14. Parties shall move the NCLAT with a certified copy of this order within three working days.
15. We request the President of NCLAT to pass appropriate administrative directions indicating a time schedule for the early disposal of the appeal.
16. For the above reasons, we affirm the order of the NCLAT declining to grant interim relief though for the reasons which have been indicated above. The appeal shall stand disposed of in the above terms.
17. Since the appellants have been pursuing their interlocutory remedies before the NCLAT and later before this Court, time for compliance of the order passed by the CCI is extended by a further period of a week from today. It is clarified that all actions taken in the meantime shall abide by the result of the appeal.
18. Pending applications, if any, stand disposed of.
1. The appeal shall stand disposed of in terms of the signed order.
2. Parties shall move the NCLAT with a certified copy of this order within three working days.
3. We request the President of NCLAT to pass appropriate administrative directions indicating a time schedule for the early disposal of the appeal.
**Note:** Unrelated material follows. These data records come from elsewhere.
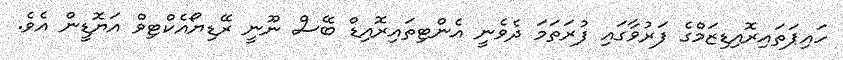
ހައިޕަތައިރޮއިޑިޒަމްގެ ފަރުވާގައި ފުރަތަމަ ދެވެނީ އެންޓިތައިރޮއިޑް ބޭސް ނޫނީ ރޭޑިޔޯއެކްޓިވް އަޔޮޑީން އެވެ.
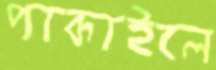
পাকাইলে
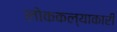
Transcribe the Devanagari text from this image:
लोककल्याकारी
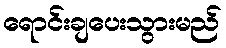
ရောင်းချပေးသွားမည်
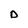
Character: D
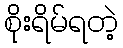
စိုးရိမ်ရတဲ့
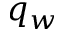
q _ { w }
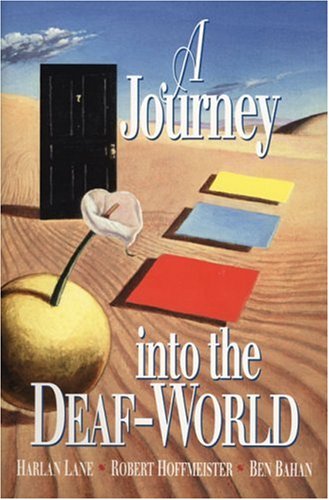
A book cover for A Journey Into the Deaf-World; Harlan Lane; Health, Fitness & Dieting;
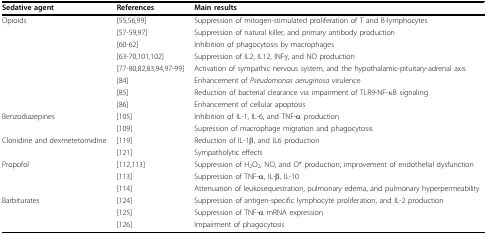
<table><thead><tr><td><b>Sedative agent</b></td><td><b>References</b></td><td><b>Main results</b></td></tr></thead><tbody><tr><td>Opioids</td><td>[55,56,99]</td><td>Suppression of mitogen-stimulated proliferation of T and B-lymphocytes</td></tr><tr><td></td><td>[57-59,97]</td><td>Suppression of natural killer, and primary antibody production</td></tr><tr><td></td><td>[60-62]</td><td>Inhibition of phagocytosis by macrophages</td></tr><tr><td></td><td>[63-70,101,102]</td><td>Suppression of IL2, IL12, INFγ, and NO production</td></tr><tr><td></td><td>[77-80,82,83,94,97-99]</td><td>Activation of sympathic nervous system, and the hypothalamic-pituitary-adrenal axis</td></tr><tr><td></td><td>[84]</td><td>Enhancement of <i>Pseudomonas aeruginosa </i>virulence</td></tr><tr><td></td><td>[85]</td><td>Reduction of bacterial clearance via impairment of TLR9-NF-κB signaling</td></tr><tr><td></td><td>[86]</td><td>Enhancement of cellular apoptosis</td></tr><tr><td>Benzodiazepines</td><td>[105]</td><td>Inhibition of IL-1, IL-6, and TNF-α production</td></tr><tr><td></td><td>[109]</td><td>Supression of macrophage migration and phagocytosis</td></tr><tr><td>Clonidine and dexmetetomidine</td><td>[119]</td><td>Reduction of IL-1β, and IL6 production</td></tr><tr><td></td><td>[121]</td><td>Sympatholytic effects</td></tr><tr><td>Propofol</td><td>[112,113]</td><td>Suppression of H<sub>2</sub>O<sub>2</sub>, NO, and O* production; improvement of endothelial dysfunction</td></tr><tr><td></td><td>[113]</td><td>Suppression of TNF-α, IL-β, IL-10</td></tr><tr><td></td><td>[114]</td><td>Attenuation of leukosequestration, pulmonary edema, and pulmonary hyperpermeability</td></tr><tr><td>Barbiturates</td><td>[124]</td><td>Suppression of antigen-specific lymphocyte proliferation, and IL-2 production</td></tr><tr><td></td><td>[125]</td><td>Suppression of TNF-α mRNA expression</td></tr><tr><td></td><td>[126]</td><td>Impairment of phagocytosis</td></tr></tbody></table>
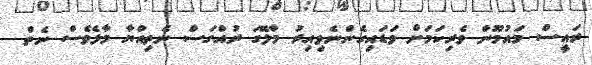
ރައީސް މައުމޫން ވެރިކަމަށް ވަޑައިގެންނެވިއިރު މާލޭގަ ރުއްގަސް ނެތިއްޔާ މާލެވެސް ނެތް
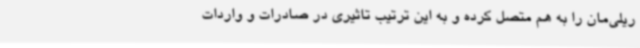
ریلی‌مان را به هم متصل کرده و به این ترتیب تاثیری در صادرات و واردات
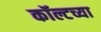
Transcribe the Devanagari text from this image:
कॉल्टच्या
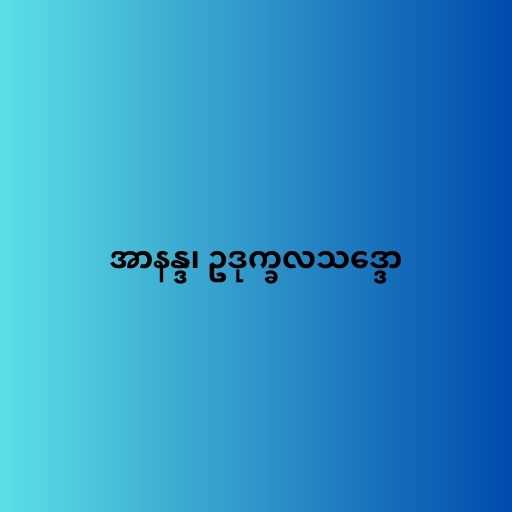
အာနန္ဒ၊ ဥဒုက္ခလသဒ္ဒော
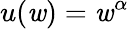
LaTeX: u(\mathit{w})=\mathit{w}^{\alpha}
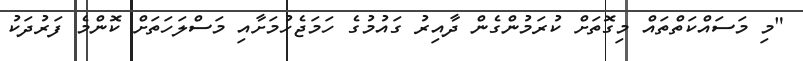
"މި މަސައްކަތްތައް މިގޮތަށް ކުރަމުންގެން ދާއިރު ގައުމުގެ ހަމަޖެހުމަށާއި މަސްލަހަތަށް ކޮންމެ ފަރުދަކު
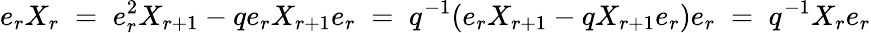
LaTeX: e_{r}X_{r}\; =\; e_{r}^{2}X_{r+1}-qe_{r}X_{r+1}e_{r}\; =\; q^{-1}(e_{r}X_{r+1}-qX_{r+1}e_{r})e_{r}\; =\; q^{-1}X_{r}e_{r}
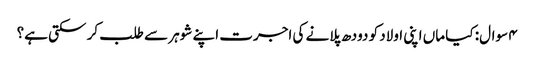
۴ سوال: کیا ماں اپنی اولاد کو دودھ پلانے کی اجرت اپنے شوہر سے طلب کر سکتی ہے؟
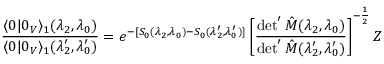
\frac { \langle 0 | 0 _ { V } \rangle _ { 1 } ( \lambda _ { 2 } , \lambda _ { 0 } ) } { \langle 0 | 0 _ { V } \rangle _ { 1 } ( { \lambda } _ { 2 } ^ { \prime } , { \lambda } _ { 0 } ^ { \prime } ) } = e ^ { - [ S _ { 0 } ( \lambda _ { 2 } , \lambda _ { 0 } ) - S _ { 0 } ( \lambda _ { 2 } ^ { \prime } , \lambda _ { 0 } ^ { \prime } ) ] } \left[ \frac { \operatorname * { d e t } ^ { \prime } \hat { { \cal M } } ( \lambda _ { 2 } , \lambda _ { 0 } ) } { \operatorname * { d e t } ^ { \prime } \hat { { \cal M } } ( \lambda _ { 2 } ^ { \prime } , \lambda _ { 0 } ^ { \prime } ) } \right] ^ { - \frac 1 2 } { \cal Z }
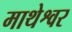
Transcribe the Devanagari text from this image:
माथेश्वर
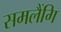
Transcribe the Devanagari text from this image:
समलैंगि
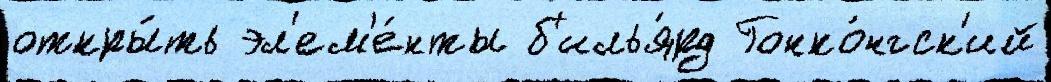
откры́ть эл'ем'е́нты б'илья́рд Гонко́нгск'ий
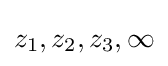
z_{1},z_{2},z_{3},\infty
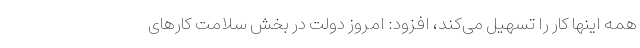
همه اینها کار را تسهیل می‌کند، افزود: امروز دولت در بخش سلامت کارهای

4. For the above reasons, we affirm the order of the NCLAT declining to grant interim relief though for the reasons which have been indicated above. The appeal shall stand disposed of in the above terms.
5. Since the appellants have been pursuing their interlocutory remedies before the NCLAT and later before this Court, time for compliance of the order passed by the CCI is extended by a further period of a week from today. It is clarified that all actions taken in the meantime shall abide by the result of the appeal.
6. Pending applications, if any, stand disposed of.